Werid Training Loss Curve

Finspire13 · October 18, 2017, 1:24pm

Hi, I am training a simple LSTM for regression task and got following training loss curve.

While training, I logged the MSE computed on whole dataset at each epoch. The weird thing is that there is a flat region in the training curve. It seems that my network got stuck and learned nothing from epoch 2 to epoch 10. Then it got a ‘Aha moment’ at around epoch 11 and the loss dropped rapidly.

This really puzzled me. Any idea why this happened?

For code, please check here.

ptrblck · October 19, 2017, 1:37pm

Your model might get into a saddle point, where the gradient is pretty low.
After epoch 10 is could escape the saddle point and gained some speed.
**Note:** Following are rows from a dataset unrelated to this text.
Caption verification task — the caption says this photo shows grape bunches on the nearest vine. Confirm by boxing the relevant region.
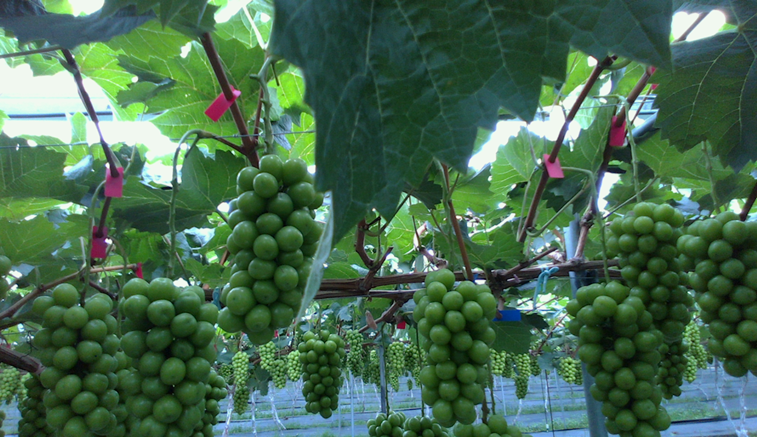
[119,277,219,436]
[217,155,323,345]
[454,415,528,436]
[676,211,756,377]
[413,268,497,429]
[565,283,670,436]
[608,202,693,339]
[32,283,121,436]
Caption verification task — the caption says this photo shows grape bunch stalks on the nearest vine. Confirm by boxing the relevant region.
[701,141,721,213]
[80,180,105,307]
[561,167,611,283]
[618,96,641,203]
[435,161,456,270]
[482,398,490,423]
[168,129,245,277]
[249,55,275,155]

This is a good illustration:

Taken from: http://www.offconvex.org/2016/03/22/saddlepoints/

Finspire13 · October 19, 2017, 2:00pm

Yeah, this makes sense. But I tried to repeat the training process several times and kept getting exactly similar ‘flat region’. Since dataset are randomly shuffled by DataLoader, it shouldn’t get into the saddle point every time, right?
Or is this phenomenon caused by some intrinsic nature of the model / dataset used?

mrTsjolder · October 19, 2021, 6:09am

From my experience, this is actually pretty typical behaviour for an LSTM training curve. My intuition for this phenomena is as follows:

the LSTM learns to predict the “average” signal by setting the bias parameters (first plateau)
the LSTM figures out how to use the (forward and recurrent) weight parameters to actually solve the task (second plateau)

This can be interpreted as a saddle point (where the function is much steeper in bias dimensions than in the other dimensions).